** STUDY MATERIAL follows **
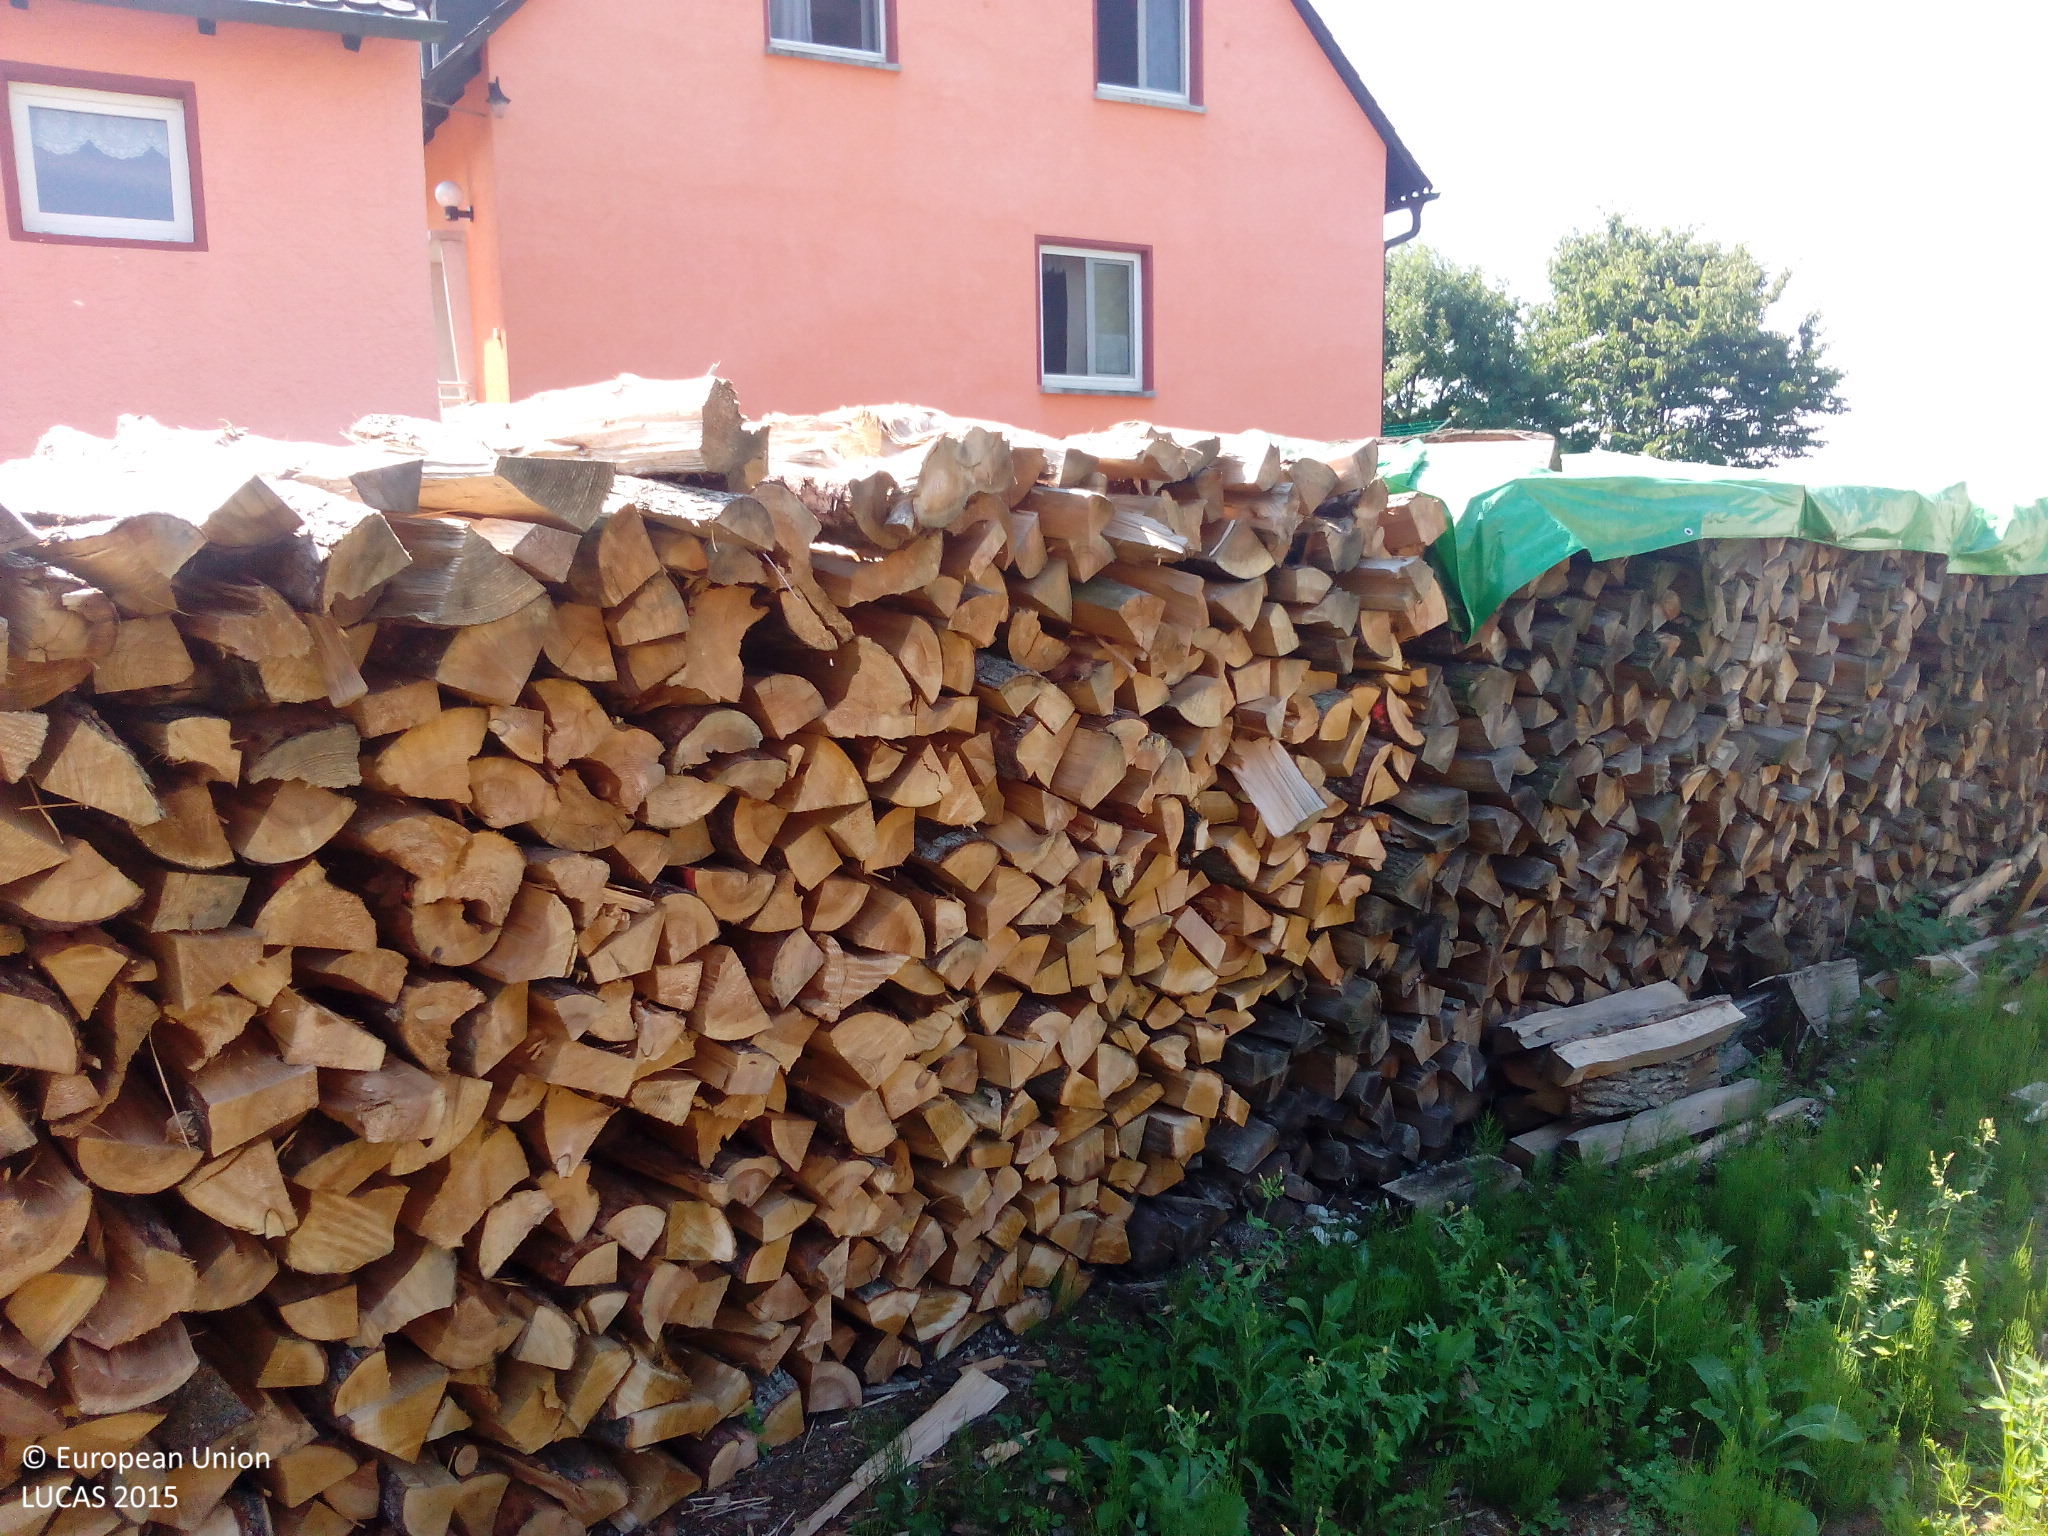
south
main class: Grassland
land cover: Spontaneously vegetated surfaces
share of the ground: > 75 %
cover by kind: herbaceous plants 55 %, unconsolidated bare surface 45 %
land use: Logistics and storage
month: July
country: DE
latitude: 49.7836
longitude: 11.0691
** End of STUDY MATERIAL **
ASSIGNMENT:
Leave the images aside and return the records above exactly as written.

SOLUTION FOR THIS PROBLEM:
south
main class: Grassland
land cover: Spontaneously vegetated surfaces
share of the ground: > 75 %
cover by kind: herbaceous plants 55 %, unconsolidated bare surface 45 %
land use: Logistics and storage
month: July
country: DE
latitude: 49.7836
longitude: 11.0691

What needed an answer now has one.